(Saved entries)

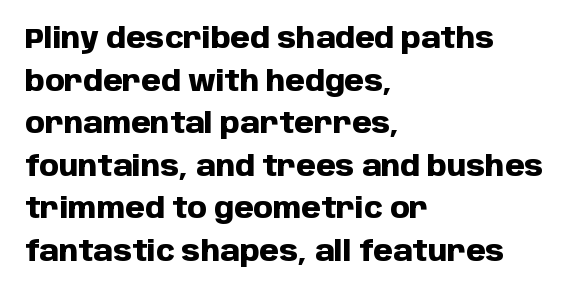
The image shows 28 px heavy sans-serif type, upright; set left-aligned, normal line spacing (1.52x), normal letter spacing, not underlined; low stroke contrast and a large x-height.
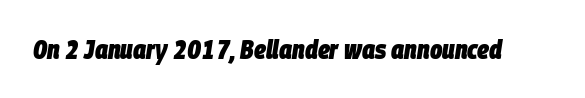
Q: Is the text bold? A: Yes.
Q: Is the text italic (slanted)? A: Yes, it leans right by about 9 degrees.
Q: Is the text underlined? A: No.
Q: Is the spacing between letters normal or unusually wide? A: Normal.
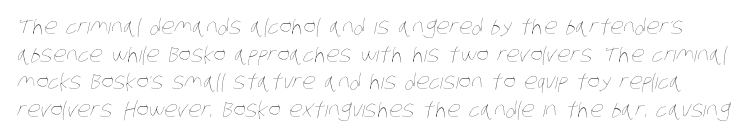
Q: Is the text bold? A: No.
Q: Is the text underlined? A: No.
Q: Is the spacing between letters normal or unusually wide? A: Normal.
Q: Is the spacing between lines tight, normal or loose? A: Normal.
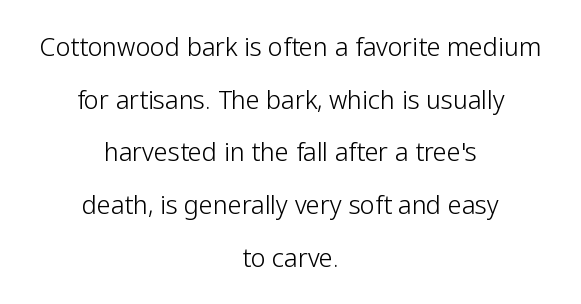
{"italic": "no", "bold": "no", "underline": "no", "align": "center", "line_spacing": "loose", "line_spacing_ratio": 2.11, "letter_spacing": "normal", "letter_spacing_em": 0.0, "glyph_px": 25}

DIRECTIONS FOR THIS TASK: Return only the lines running from the start of the entries above to the line that contains "Q: Is the spacing between lines", inclusive, and omit every picture.

RESPONSE TO THIS EXERCISE:
The image shows 28 px heavy sans-serif type, upright; set left-aligned, normal line spacing (1.52x), normal letter spacing, not underlined; low stroke contrast and a large x-height.
Q: Is the text bold? A: Yes.
Q: Is the text italic (slanted)? A: Yes, it leans right by about 9 degrees.
Q: Is the text underlined? A: No.
Q: Is the spacing between letters normal or unusually wide? A: Normal.
Q: Is the text bold? A: No.
Q: Is the text underlined? A: No.
Q: Is the spacing between letters normal or unusually wide? A: Normal.
Q: Is the spacing between lines tight, normal or loose? A: Normal.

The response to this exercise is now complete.